Issue: Generally, what are the prevailing standards for the conversion of paper copies of important contracts and the corresponding destruction of the paper copies?
|Area of Law:||Litigation & Procedure|
|Keywords:||Document retention and storage protocols; Information; Record|
|Cited Statutes:||44 U.S.C. § 3301|
While the concept is a bit broader than the question of original contracts and documents, the Sedona Guidelines regarding records retention may be useful in considering its document retention and storage protocols. The Sedona Conference distinguished “information” from “records.” The Sedona Conference, The Sedona Guidelines: Best Practices and Commentary for Managing Information and Records in the Electronic Age, The Sedona Conference (ALI-ABA Course Materials of Study Materials), SK071 ALI-ABA 5. Nonetheless, this line of thinking may prove useful in moving forward with document (contract or otherwise) retention:
“Information” is a basic but intangible resource that organizations harness to meet their operational, legal, historical and institutional needs. Every day selected pieces of this “information” are captured as “documents” or "data,” giving this intangible resource tangible form and enhancing the ability to access and share it. Although “information” can refer to everything from telephone message slips to the CEO’s thoughts on next quarter’s forecast, throughout this document the word “information” will be used to refer generally to all of an organization’s tangible documents and data–in both electronic and other formats.
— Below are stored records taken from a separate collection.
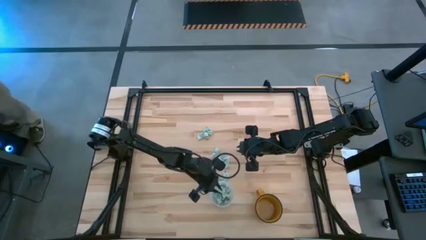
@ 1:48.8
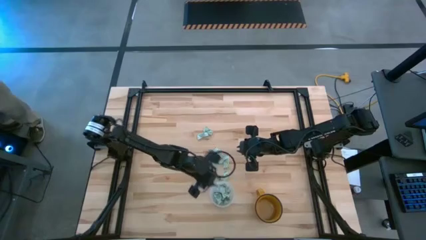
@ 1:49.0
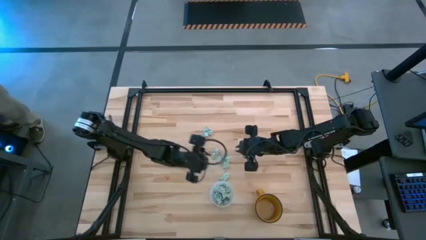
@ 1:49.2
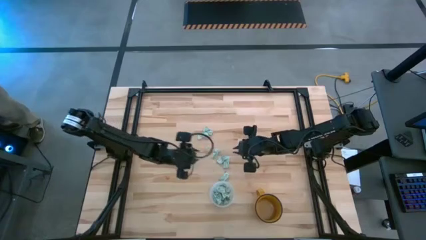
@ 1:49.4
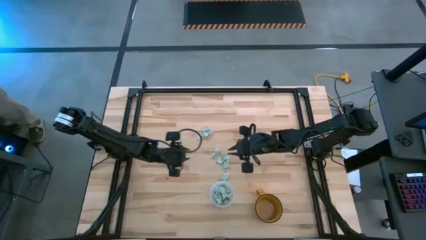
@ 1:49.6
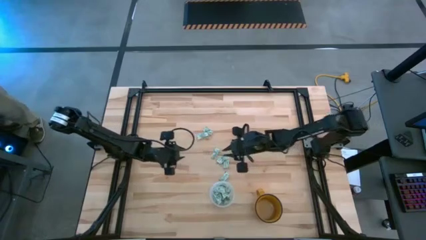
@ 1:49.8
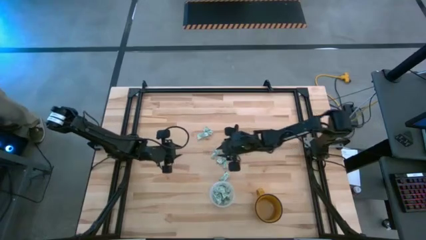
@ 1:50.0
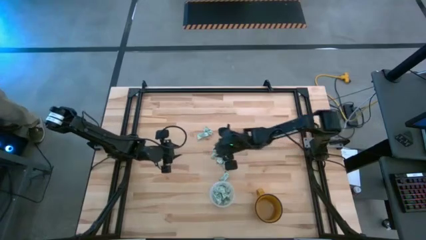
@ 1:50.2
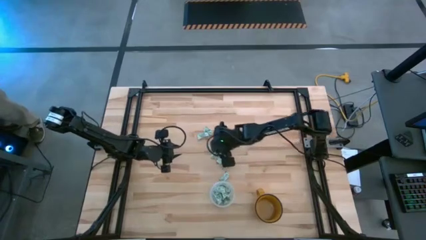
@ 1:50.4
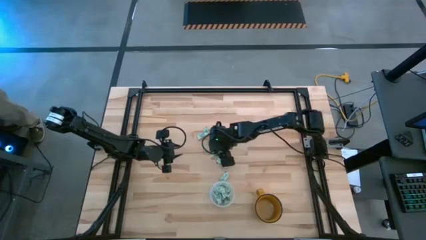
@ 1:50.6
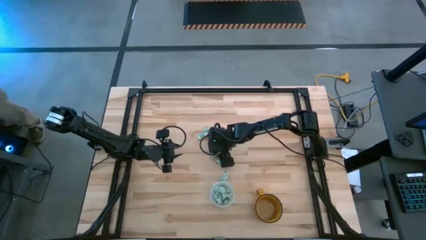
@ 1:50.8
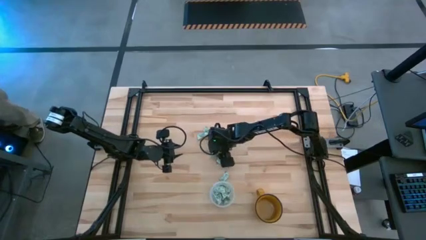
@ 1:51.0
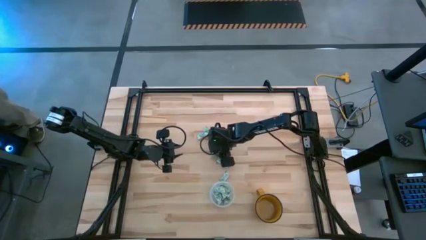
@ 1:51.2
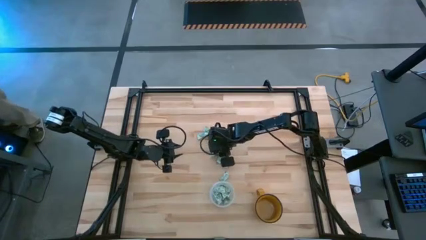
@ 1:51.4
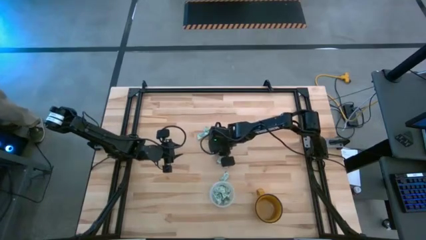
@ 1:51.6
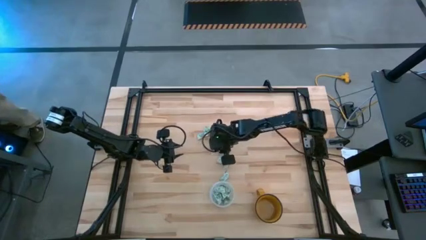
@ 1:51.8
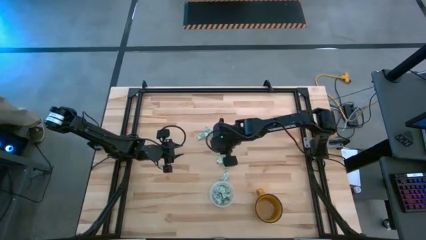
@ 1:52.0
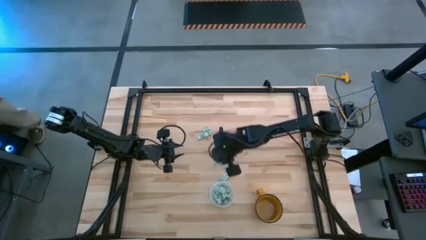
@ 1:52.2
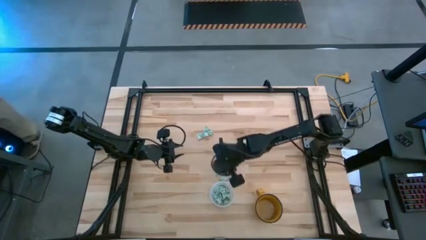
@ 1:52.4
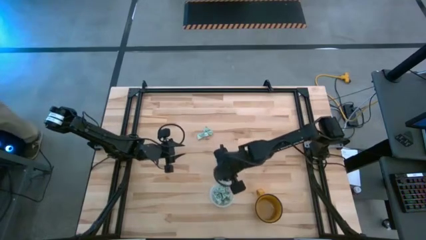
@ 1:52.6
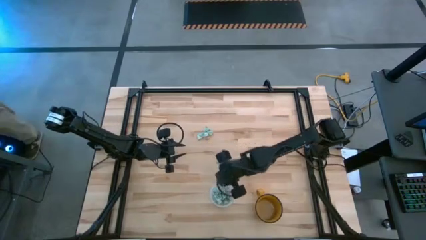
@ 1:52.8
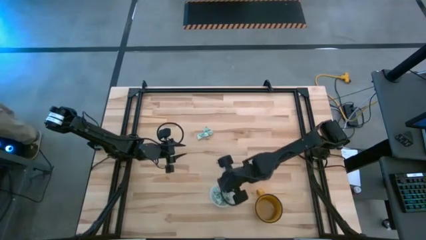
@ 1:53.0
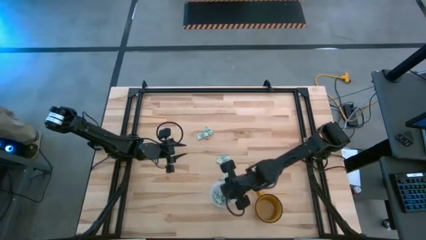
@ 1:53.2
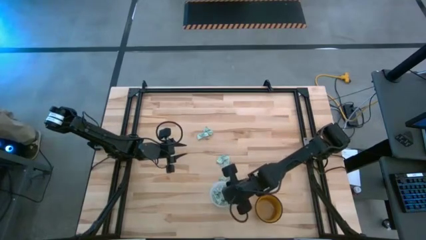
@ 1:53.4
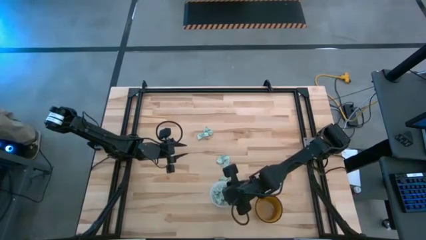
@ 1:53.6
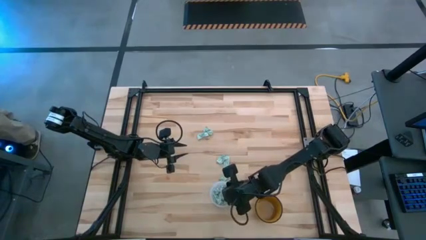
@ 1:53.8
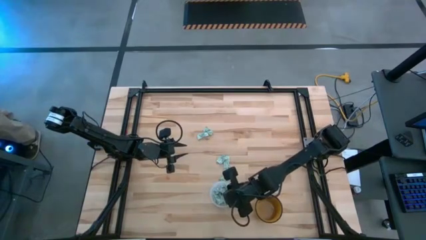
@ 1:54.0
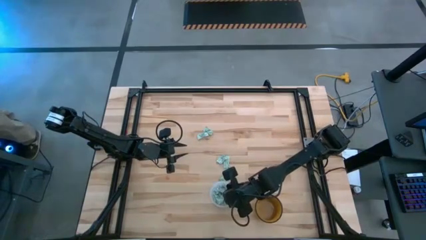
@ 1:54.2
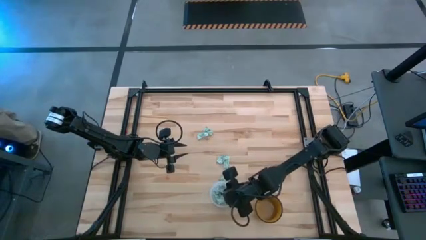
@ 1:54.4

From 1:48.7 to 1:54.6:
Put the stevia packet into the transparent bin

“Records” are a special subset of “information” deemed to have business value to an organization and warranting special attention concerning retention, accessibility and retrieval. This declaration of value can be by operation of law or by specific classification by the organization. Designating certain documents or information as “records” can also help an organization compile and preserve its “institutional memory.” A “record” can memorialize business actions or events […]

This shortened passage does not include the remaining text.